• _Exercise instructions_: Word for word, reproduce each line of the data below, omitting every image.

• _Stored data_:
____

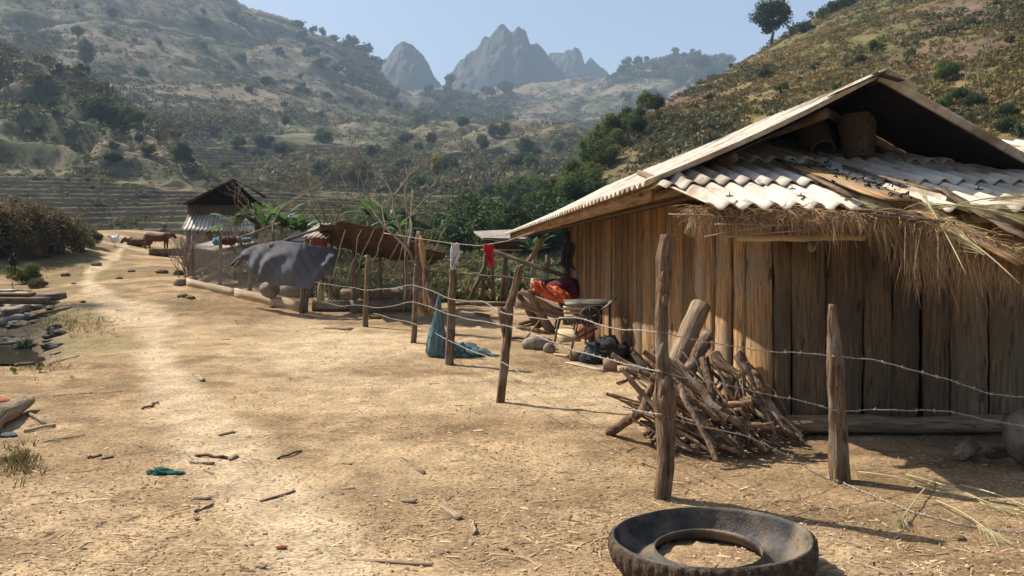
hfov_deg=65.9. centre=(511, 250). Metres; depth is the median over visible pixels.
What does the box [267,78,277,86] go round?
shrub
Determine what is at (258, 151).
shrub
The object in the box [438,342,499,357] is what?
net heap
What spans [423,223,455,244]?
shrub
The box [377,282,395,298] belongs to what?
shrub
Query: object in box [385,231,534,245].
clothesline
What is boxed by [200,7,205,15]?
broadleaf tree
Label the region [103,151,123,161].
shrub
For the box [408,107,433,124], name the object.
shrub
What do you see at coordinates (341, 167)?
broadleaf tree
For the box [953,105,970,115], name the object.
shrub
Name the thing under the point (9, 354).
water
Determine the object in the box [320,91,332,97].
shrub
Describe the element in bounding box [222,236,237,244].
red garment
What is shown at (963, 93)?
shrub
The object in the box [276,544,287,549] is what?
red scrap
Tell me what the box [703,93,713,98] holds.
shrub
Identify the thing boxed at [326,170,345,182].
shrub
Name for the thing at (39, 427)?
stick
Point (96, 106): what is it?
shrub
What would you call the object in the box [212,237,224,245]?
blue cloth
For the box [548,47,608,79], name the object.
hill
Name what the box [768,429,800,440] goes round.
firewood stick
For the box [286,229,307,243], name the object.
dark sheet
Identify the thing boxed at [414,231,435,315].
split post
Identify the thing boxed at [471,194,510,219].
broadleaf tree
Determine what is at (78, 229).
shrub
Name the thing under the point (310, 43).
broadleaf tree
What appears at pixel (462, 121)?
broadleaf tree
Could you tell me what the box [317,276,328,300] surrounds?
banana plant
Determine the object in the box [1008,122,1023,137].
shrub
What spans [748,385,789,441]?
firewood stick
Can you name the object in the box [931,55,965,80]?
shrub
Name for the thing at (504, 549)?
loose stick
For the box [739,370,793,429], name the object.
firewood stick
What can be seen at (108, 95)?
shrub
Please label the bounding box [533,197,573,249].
shrub
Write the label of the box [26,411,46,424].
stick
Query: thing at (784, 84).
shrub
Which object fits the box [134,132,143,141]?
broadleaf tree
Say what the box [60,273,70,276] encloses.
dung pile
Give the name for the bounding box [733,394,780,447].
firewood stick
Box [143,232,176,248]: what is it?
cow
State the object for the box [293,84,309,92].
shrub
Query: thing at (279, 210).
bare tree
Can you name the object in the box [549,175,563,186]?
broadleaf tree
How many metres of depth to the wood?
778.03 m
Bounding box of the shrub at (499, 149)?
[491,146,507,153]
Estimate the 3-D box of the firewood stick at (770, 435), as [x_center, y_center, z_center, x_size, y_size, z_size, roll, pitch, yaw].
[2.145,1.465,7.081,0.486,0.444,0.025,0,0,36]
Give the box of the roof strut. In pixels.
[526,234,545,261]
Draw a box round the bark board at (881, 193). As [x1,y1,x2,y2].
[784,163,922,201]
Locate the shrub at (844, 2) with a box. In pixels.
[837,0,854,7]
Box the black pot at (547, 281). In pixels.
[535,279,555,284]
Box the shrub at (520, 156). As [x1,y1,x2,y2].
[506,150,538,166]
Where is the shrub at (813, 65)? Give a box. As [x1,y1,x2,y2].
[809,61,819,69]
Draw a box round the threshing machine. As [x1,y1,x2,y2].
[554,297,616,351]
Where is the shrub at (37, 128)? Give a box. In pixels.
[30,125,42,132]
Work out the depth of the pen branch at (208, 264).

____

• _Response to this exercise_:
hfov_deg=65.9. centre=(511, 250). Metres; depth is the median over visible pixels.
What does the box [267,78,277,86] go round?
shrub
Determine what is at (258, 151).
shrub
The object in the box [438,342,499,357] is what?
net heap
What spans [423,223,455,244]?
shrub
The box [377,282,395,298] belongs to what?
shrub
Query: object in box [385,231,534,245].
clothesline
What is boxed by [200,7,205,15]?
broadleaf tree
Label the region [103,151,123,161].
shrub
For the box [408,107,433,124], name the object.
shrub
What do you see at coordinates (341, 167)?
broadleaf tree
For the box [953,105,970,115], name the object.
shrub
Name the thing under the point (9, 354).
water
Determine the object in the box [320,91,332,97].
shrub
Describe the element in bounding box [222,236,237,244].
red garment
What is shown at (963, 93)?
shrub
The object in the box [276,544,287,549] is what?
red scrap
Tell me what the box [703,93,713,98] holds.
shrub
Identify the thing boxed at [326,170,345,182].
shrub
Name for the thing at (39, 427)?
stick
Point (96, 106): what is it?
shrub
What would you call the object in the box [212,237,224,245]?
blue cloth
For the box [548,47,608,79], name the object.
hill
Name what the box [768,429,800,440] goes round.
firewood stick
For the box [286,229,307,243], name the object.
dark sheet
Identify the thing boxed at [414,231,435,315].
split post
Identify the thing boxed at [471,194,510,219].
broadleaf tree
Determine what is at (78, 229).
shrub
Name the thing under the point (310, 43).
broadleaf tree
What appears at pixel (462, 121)?
broadleaf tree
Could you tell me what the box [317,276,328,300] surrounds?
banana plant
Determine the object in the box [1008,122,1023,137].
shrub
What spans [748,385,789,441]?
firewood stick
Can you name the object in the box [931,55,965,80]?
shrub
Name for the thing at (504, 549)?
loose stick
For the box [739,370,793,429], name the object.
firewood stick
What can be seen at (108, 95)?
shrub
Please label the bounding box [533,197,573,249].
shrub
Write the label of the box [26,411,46,424].
stick
Query: thing at (784, 84).
shrub
Which object fits the box [134,132,143,141]?
broadleaf tree
Say what the box [60,273,70,276] encloses.
dung pile
Give the name for the bounding box [733,394,780,447].
firewood stick
Box [143,232,176,248]: what is it?
cow
State the object for the box [293,84,309,92].
shrub
Query: thing at (279, 210).
bare tree
Can you name the object in the box [549,175,563,186]?
broadleaf tree
How many metres of depth to the wood?
778.03 m
Bounding box of the shrub at (499, 149)?
[491,146,507,153]
Estimate the 3-D box of the firewood stick at (770, 435), as [x_center, y_center, z_center, x_size, y_size, z_size, roll, pitch, yaw].
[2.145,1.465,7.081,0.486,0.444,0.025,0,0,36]
Give the box of the roof strut. In pixels.
[526,234,545,261]
Draw a box round the bark board at (881, 193). As [x1,y1,x2,y2].
[784,163,922,201]
Locate the shrub at (844, 2) with a box. In pixels.
[837,0,854,7]
Box the black pot at (547, 281). In pixels.
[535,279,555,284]
Box the shrub at (520, 156). As [x1,y1,x2,y2].
[506,150,538,166]
Where is the shrub at (813, 65)? Give a box. As [x1,y1,x2,y2].
[809,61,819,69]
Draw a box round the threshing machine. As [x1,y1,x2,y2].
[554,297,616,351]
Where is the shrub at (37, 128)? Give a box. In pixels.
[30,125,42,132]
Work out the depth of the pen branch at (208, 264).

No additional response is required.